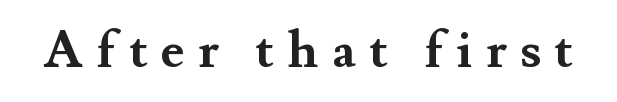
Q: Is the text bold? A: Yes.
Q: Is the text italic (slanted)? A: No, it is upright.
Q: Is the typeface a serif or a sans-serif typeface? A: Serif.
Q: Is the text underlined? A: No.
Q: Is the spacing between letters normal or unusually wide? A: Unusually wide.
Q: Width (condensed, normal, or wide)? A: Normal.
Q: Stroke contrast? A: Medium.
Q: x-height? A: Small.
Q: Monospaced? A: No.
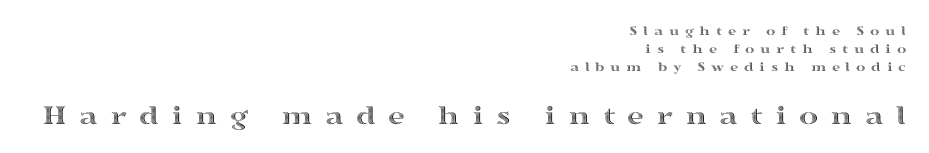
Caption: upper text group reduced, lower text group enlarged. Do the letters lean? They stand straight. The lines sit at an ordinary, default distance from one another. Bare-footed words on every line. The letters advance in unequal steps, a hallmark of proportional type.
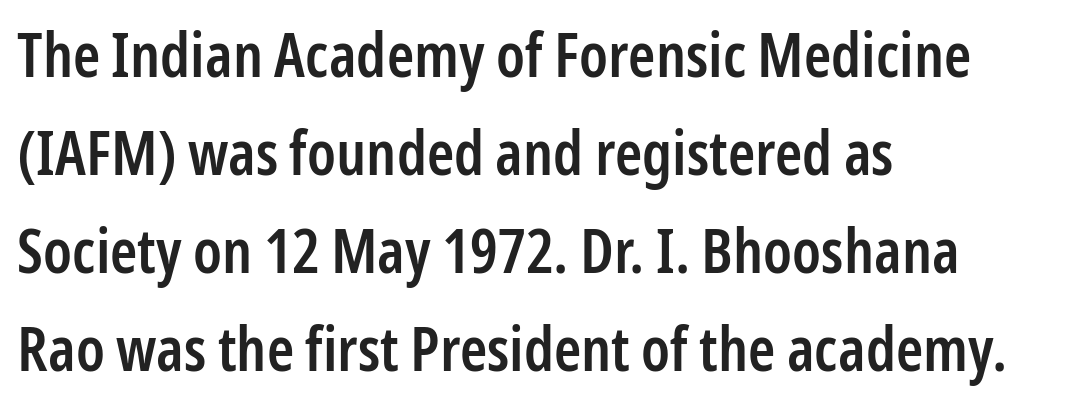
The image shows 62 px semibold, condensed sans-serif type, upright; set left-aligned, normal line spacing (1.58x), normal letter spacing, not underlined; low stroke contrast and a medium x-height.
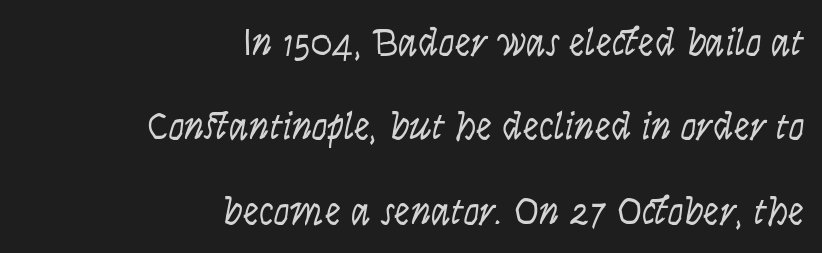
Q: Is the text bold? A: No.
Q: Is the text italic (slanted)? A: Yes.
Q: Is the typeface a serif or a sans-serif typeface? A: Sans-serif.
Q: Is the text underlined? A: No.
Q: How is the paragraph aligned? A: Right-aligned.
Q: Is the spacing between letters normal or unusually wide? A: Normal.
Q: Is the spacing between lines tight, normal or loose? A: Loose.
Q: Width (condensed, normal, or wide)? A: Condensed.
Q: Stroke contrast? A: Low.
Q: x-height? A: Large.
Q: Monospaced? A: No.
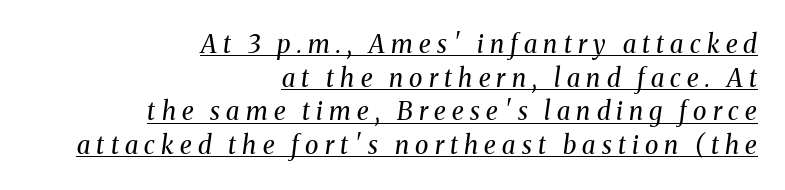
{"italic": "yes", "lean": "right", "slant_degrees": 8, "bold": "no", "underline": "yes", "align": "right", "line_spacing": "normal", "line_spacing_ratio": 1.35, "letter_spacing": "wide", "letter_spacing_em": 0.25, "glyph_px": 25}
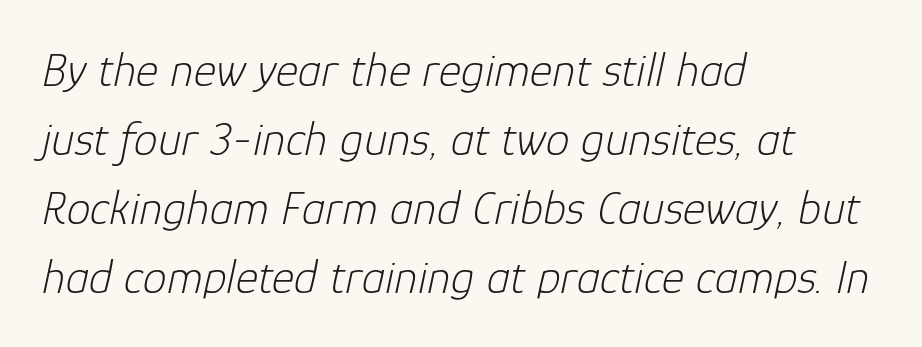
Q: Is the text bold? A: No.
Q: Is the text italic (slanted)? A: Yes, it leans right by about 12 degrees.
Q: Is the text underlined? A: No.
Q: How is the paragraph aligned? A: Left-aligned.
Q: Is the spacing between letters normal or unusually wide? A: Normal.
Q: Is the spacing between lines tight, normal or loose? A: Normal.
Q: Width (condensed, normal, or wide)? A: Normal.
Q: Stroke contrast? A: Low.
Q: x-height? A: Medium.
Q: Monospaced? A: No.
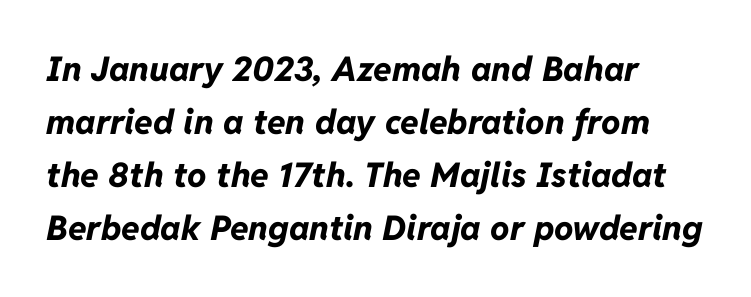
The image shows 34 px bold type, italic (leaning right); set left-aligned, normal line spacing (1.56x), normal letter spacing, not underlined; low stroke contrast and a medium x-height.
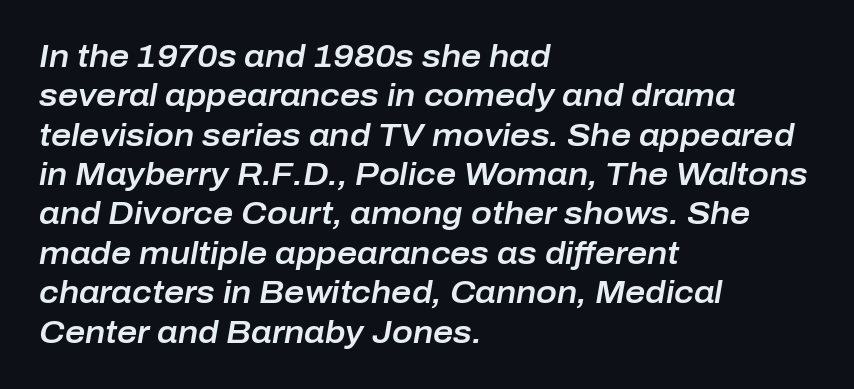
Q: Is the text italic (slanted)? A: Yes, it leans right by about 10 degrees.
Q: Is the text underlined? A: No.
Q: How is the paragraph aligned? A: Left-aligned.
Q: Is the spacing between letters normal or unusually wide? A: Normal.
Q: Is the spacing between lines tight, normal or loose? A: Normal.
Q: Width (condensed, normal, or wide)? A: Normal.
Q: Stroke contrast? A: Low.
Q: x-height? A: Medium.
Q: Monospaced? A: No.
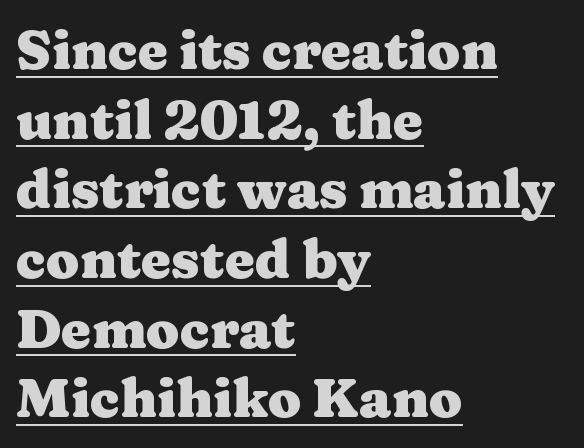
Underline: present. A typesetter would call this leading conventional body-copy spacing. No extra tracking has been applied to these lines. Is the block centered? No — it sits flush against the left margin.
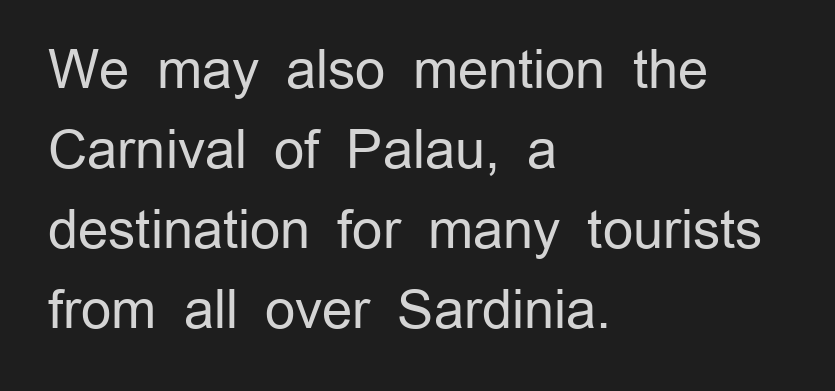
{"serif": "no", "italic": "no", "bold": "no", "weight": "regular", "width": "normal", "stroke_contrast": "low", "x_height": "medium", "monospaced": "no", "underline": "no", "align": "left", "line_spacing": "normal", "line_spacing_ratio": 1.51, "letter_spacing": "normal", "letter_spacing_em": 0.0, "glyph_px": 53}
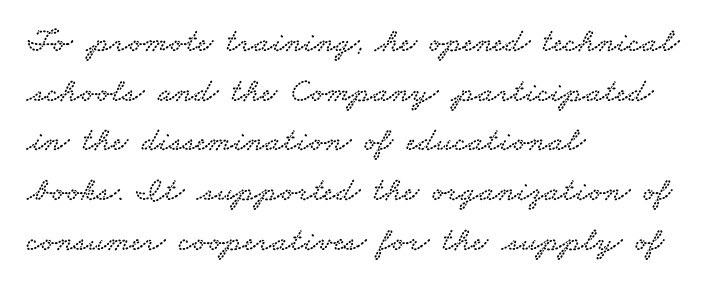
Does extra space separate the letters? No, they use regular spacing. The letters advance in unequal steps, a hallmark of proportional type. Notice how descenders clear the ascenders below comfortably — that's standard leading. This rendering uses left alignment, leaving the right contour irregular. Check under the words: just untouched page. The text was rendered using a seriffed face with decorative stroke endings.
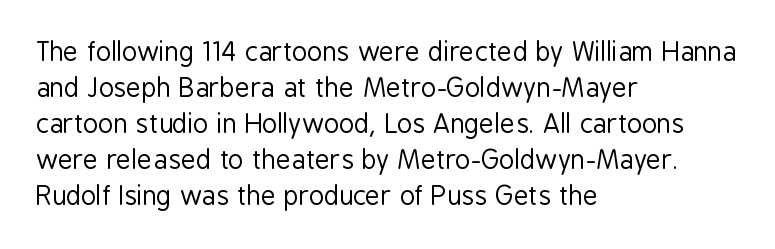
{"italic": "no", "bold": "no", "underline": "no", "align": "left", "line_spacing": "normal", "line_spacing_ratio": 1.38, "letter_spacing": "normal", "letter_spacing_em": 0.0, "glyph_px": 26}
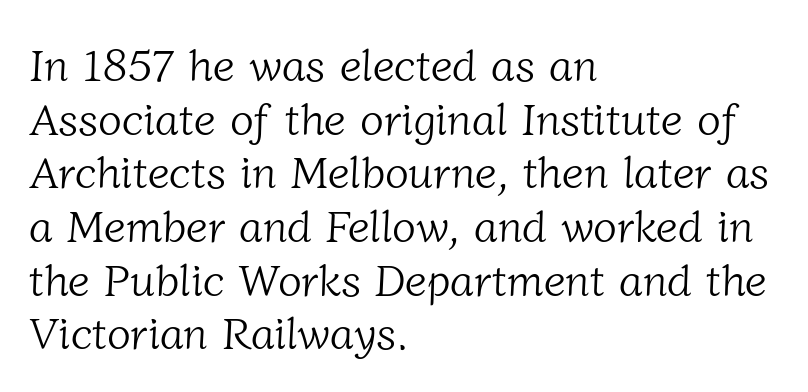
Q: Is the text bold? A: No.
Q: Is the typeface a serif or a sans-serif typeface? A: Serif.
Q: Is the text underlined? A: No.
Q: How is the paragraph aligned? A: Left-aligned.
Q: Is the spacing between letters normal or unusually wide? A: Normal.
Q: Width (condensed, normal, or wide)? A: Normal.
Q: Stroke contrast? A: Low.
Q: x-height? A: Medium.
Q: Monospaced? A: No.
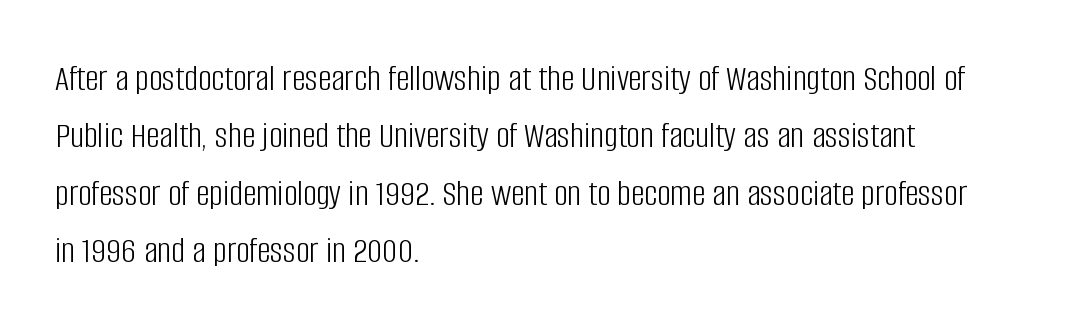
Q: Is the text bold? A: No.
Q: Is the text italic (slanted)? A: No, it is upright.
Q: Is the typeface a serif or a sans-serif typeface? A: Sans-serif.
Q: Is the text underlined? A: No.
Q: How is the paragraph aligned? A: Left-aligned.
Q: Is the spacing between letters normal or unusually wide? A: Normal.
Q: Is the spacing between lines tight, normal or loose? A: Normal.
Q: Width (condensed, normal, or wide)? A: Condensed.
Q: Stroke contrast? A: Low.
Q: x-height? A: Large.
Q: Monospaced? A: No.
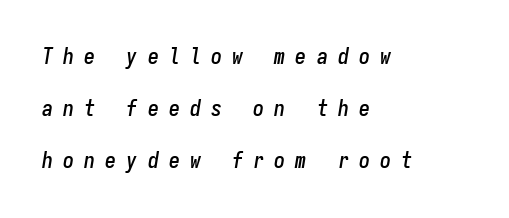
The image shows 22 px text type, italic (leaning right); set left-aligned, loose line spacing (2.37x), unusually wide letter spacing (+0.46 em), not underlined.
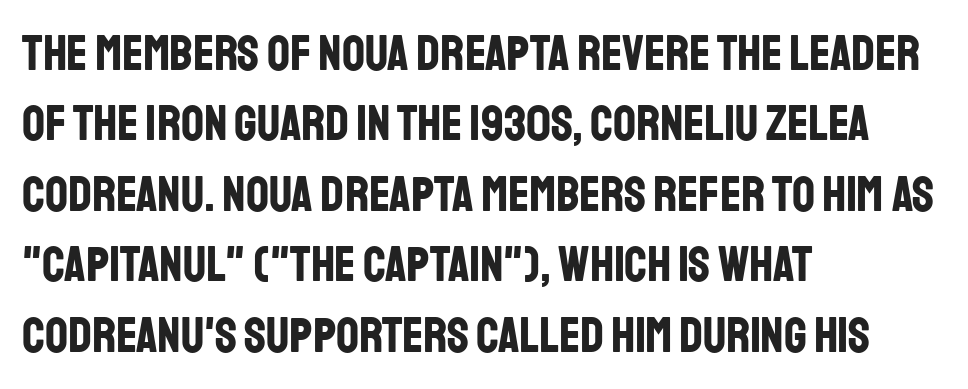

───

Return the material from above in full, exactly as written, with the pictures omitted.

Q: Is the text bold? A: Yes.
Q: Is the text italic (slanted)? A: No, it is upright.
Q: Is the typeface a serif or a sans-serif typeface? A: Serif.
Q: Is the text underlined? A: No.
Q: Is the spacing between letters normal or unusually wide? A: Unusually wide.
Q: Width (condensed, normal, or wide)? A: Normal.
Q: Stroke contrast? A: Medium.
Q: x-height? A: Small.
Q: Monospaced? A: No.
Caption: upper text group reduced, lower text group enlarged. Do the letters lean? They stand straight. The lines sit at an ordinary, default distance from one another. Bare-footed words on every line. The letters advance in unequal steps, a hallmark of proportional type.
The image shows 62 px semibold, condensed sans-serif type, upright; set left-aligned, normal line spacing (1.58x), normal letter spacing, not underlined; low stroke contrast and a medium x-height.
Q: Is the text bold? A: No.
Q: Is the text italic (slanted)? A: Yes.
Q: Is the typeface a serif or a sans-serif typeface? A: Sans-serif.
Q: Is the text underlined? A: No.
Q: How is the paragraph aligned? A: Right-aligned.
Q: Is the spacing between letters normal or unusually wide? A: Normal.
Q: Is the spacing between lines tight, normal or loose? A: Loose.
Q: Width (condensed, normal, or wide)? A: Condensed.
Q: Stroke contrast? A: Low.
Q: x-height? A: Large.
Q: Monospaced? A: No.
{"italic": "yes", "lean": "right", "slant_degrees": 8, "bold": "no", "underline": "yes", "align": "right", "line_spacing": "normal", "line_spacing_ratio": 1.35, "letter_spacing": "wide", "letter_spacing_em": 0.25, "glyph_px": 25}
Q: Is the text bold? A: No.
Q: Is the text italic (slanted)? A: Yes, it leans right by about 12 degrees.
Q: Is the text underlined? A: No.
Q: How is the paragraph aligned? A: Left-aligned.
Q: Is the spacing between letters normal or unusually wide? A: Normal.
Q: Is the spacing between lines tight, normal or loose? A: Normal.
Q: Width (condensed, normal, or wide)? A: Normal.
Q: Stroke contrast? A: Low.
Q: x-height? A: Medium.
Q: Monospaced? A: No.
The image shows 34 px bold type, italic (leaning right); set left-aligned, normal line spacing (1.56x), normal letter spacing, not underlined; low stroke contrast and a medium x-height.
Q: Is the text italic (slanted)? A: Yes, it leans right by about 10 degrees.
Q: Is the text underlined? A: No.
Q: How is the paragraph aligned? A: Left-aligned.
Q: Is the spacing between letters normal or unusually wide? A: Normal.
Q: Is the spacing between lines tight, normal or loose? A: Normal.
Q: Width (condensed, normal, or wide)? A: Normal.
Q: Stroke contrast? A: Low.
Q: x-height? A: Medium.
Q: Monospaced? A: No.
Underline: present. A typesetter would call this leading conventional body-copy spacing. No extra tracking has been applied to these lines. Is the block centered? No — it sits flush against the left margin.
{"serif": "no", "italic": "no", "bold": "no", "weight": "regular", "width": "normal", "stroke_contrast": "low", "x_height": "medium", "monospaced": "no", "underline": "no", "align": "left", "line_spacing": "normal", "line_spacing_ratio": 1.51, "letter_spacing": "normal", "letter_spacing_em": 0.0, "glyph_px": 53}
Does extra space separate the letters? No, they use regular spacing. The letters advance in unequal steps, a hallmark of proportional type. Notice how descenders clear the ascenders below comfortably — that's standard leading. This rendering uses left alignment, leaving the right contour irregular. Check under the words: just untouched page. The text was rendered using a seriffed face with decorative stroke endings.
{"italic": "no", "bold": "no", "underline": "no", "align": "left", "line_spacing": "normal", "line_spacing_ratio": 1.38, "letter_spacing": "normal", "letter_spacing_em": 0.0, "glyph_px": 26}
Q: Is the text bold? A: No.
Q: Is the typeface a serif or a sans-serif typeface? A: Serif.
Q: Is the text underlined? A: No.
Q: How is the paragraph aligned? A: Left-aligned.
Q: Is the spacing between letters normal or unusually wide? A: Normal.
Q: Width (condensed, normal, or wide)? A: Normal.
Q: Stroke contrast? A: Low.
Q: x-height? A: Medium.
Q: Monospaced? A: No.
Q: Is the text bold? A: No.
Q: Is the text italic (slanted)? A: No, it is upright.
Q: Is the typeface a serif or a sans-serif typeface? A: Sans-serif.
Q: Is the text underlined? A: No.
Q: How is the paragraph aligned? A: Left-aligned.
Q: Is the spacing between letters normal or unusually wide? A: Normal.
Q: Is the spacing between lines tight, normal or loose? A: Normal.
Q: Width (condensed, normal, or wide)? A: Condensed.
Q: Stroke contrast? A: Low.
Q: x-height? A: Large.
Q: Monospaced? A: No.
The image shows 22 px text type, italic (leaning right); set left-aligned, loose line spacing (2.37x), unusually wide letter spacing (+0.46 em), not underlined.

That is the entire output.